ACs are used mainly for BP monitoring, and to facilitate diagnostic blood testing, including arterial blood gas analysis. However, these goals do not require an AC. BP can be monitored noninvasively. Blood drawn for laboratory testing can be obtained by intermittent arterial puncture or phlebotomy.

A commonly held, but erroneous, belief is that systolic and diastolic BP measurements from ACs are “correct,” while noninvasive values are a problematic surrogate. It is true that automated noninvasive BP measurements are prone to various artifacts,20 and that values can occasionally differ substantially between the two methods.2124 On the other hand, virtually everything that is known about the epidemiology of BP, and the information we obtain about a given person’s usual, outpatient BP, derive from noninvasive measurements. Furthermore, in vivo and in vitro studies have identified a variety of artifacts in AC-derived BP measurements that can result in values that are too high or too low.20,2527 With both types of BP measurements prone to inaccuracies, the question of true importance is whether patient management with one vs the other modality results in differences in relevant outcomes. To my knowledge only two human studies, both observational, have sought to address this question. In a single-center study of 150 patients, Lakhal et al24 found that automated noninvasive BP identified hypotension, defined as AC-derived mean arterial pressure < 65 mm Hg, with a sensitivity and specificity of 95%. The only study that has addressed a patient-centered outcome is a propensity-matched analysis of hospital mortality performed on the Project IMPACT database by Gershengorn et al.28 That study found no difference in mortality in the primary cohort of medical-type patients who were mechanically ventilated, or eight of nine secondary cohorts; however, among almost 11,000 patients needing vasopressors for shock, mortality was higher in patients who received an AC (OR, 1.08; P = .008).28 Regarding ACs to facilitate laboratory blood testing, their presence is associated with excessive testing,29 even independent of the test results.30 Not only does this increase costs, but excessive phlebotomy promotes anemia and consequent blood transfusion.31,32 In general, more testing has not been associated with improved clinical outcomes.33,34

The direct complications related to ACs include, but are not limited to, infection and arterial thrombosis.35,36 Although AC devices look like peripheral IV catheters, the rate of bloodstream infections associated with them is 2.5-fold higher.37,38 The poor recognition of this danger may result from poor concordance between AC tip cultures vs blood cultures drawn through the AC, and to the finding that infected ACs rarely appear infected to the naked eye.39 Thrombosis related to ACs is not rare, though most of the consequent ischemia is temporary.35,4043

In the face of these risks, why then are ACs used so ubiquitously? Intensivists trained in centers where AC use is routine often never critically question the teaching that critically ill patients “require” ACs. While it seems plausible that measuring BP every 100 milliseconds with an AC would lead to better outcomes for patients with shock on vasoactive drugs, the only study that has addressed this question, to my knowledge, has not found it to be true.28 Another common rationale for AC use is to avoid patient discomfort from percutaneous phlebotomy, or frequent BP cuff inflations. And while these are legitimate concerns about patient-centered outcomes, this calculus must include the discomfort of AC insertion, and must balance discomfort with the risks to life and limb related to ACs.
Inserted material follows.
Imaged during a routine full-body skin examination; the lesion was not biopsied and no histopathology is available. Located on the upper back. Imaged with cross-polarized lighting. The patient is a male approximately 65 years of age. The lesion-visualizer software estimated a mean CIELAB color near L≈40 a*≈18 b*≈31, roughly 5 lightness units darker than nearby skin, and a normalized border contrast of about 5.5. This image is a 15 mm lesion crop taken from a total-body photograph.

The widespread use of ACs without evidence for benefit is likely due, in part, to the fact that clinical practice patterns are often based on “expert opinion, historical practice, and blind acceptance, rather than on an adequate evidence base”.44 Five years ago, after I gave a lecture on ACs at a national meeting, a senior intensivist stated that even if ACs confer no benefit to patients or to society, they are valuable because they can make physicians feel more comfortable. Such arguments are difficult to countenance. The medical system exists to improve the health of patients and of society. Unless the intervention is free and carries no potential risks, it is a slippery slope to justify it based on comfort or convenience of the caregivers.
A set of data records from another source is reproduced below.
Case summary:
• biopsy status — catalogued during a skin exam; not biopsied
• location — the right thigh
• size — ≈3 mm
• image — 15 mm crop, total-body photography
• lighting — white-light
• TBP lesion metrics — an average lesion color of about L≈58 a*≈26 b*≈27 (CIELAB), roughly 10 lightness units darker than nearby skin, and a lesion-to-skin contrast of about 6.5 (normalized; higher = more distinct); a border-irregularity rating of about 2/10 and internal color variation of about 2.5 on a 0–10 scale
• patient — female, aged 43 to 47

Given the potential dangers, widespread use, and uncertainty about consequences of AC use, high-quality, randomized trials are needed. There is equipoise for this question. As summarized previously, these devices carry risks. In reminding us about the Hippocratic imperative, Singer and Glynne44 have cautioned us that “superficially attractive, short-term benefits may camouflage underlying tendency to cause harm” and reminded us that the “major advances of intensive care medicine in the last 20 years have been related more to the recognition and removal of harmful practices rather than to any novel pharmacological or mechanical interventions.”44 Wide variation in AC utilization represents the uncertainty.17,45 The evolution of research on PACs, previously discussed, is instructive. Cautions about placing ACs was a finalist among critical care expert opinion recommendations in the Choosing Wisely Campaign of the American Board of Internal Medicine.46 The sole observational study on clinically relevant outcomes from AC use did not show a benefit.28

Just as for PACs, multiple studies in different, well-characterized, patient subgroups will be needed to clarify whether ACs influence outcomes. These studies should assess the range of relevant outcomes, including mortality, medical resource use, patient comfort, complications, and costs. Of course, even if no patient subgroup is found to benefit, these devices will still be appropriate in rare patients when no other modality allows for obtaining needed information, such as when meaningful noninvasive BP measurements cannot be obtained.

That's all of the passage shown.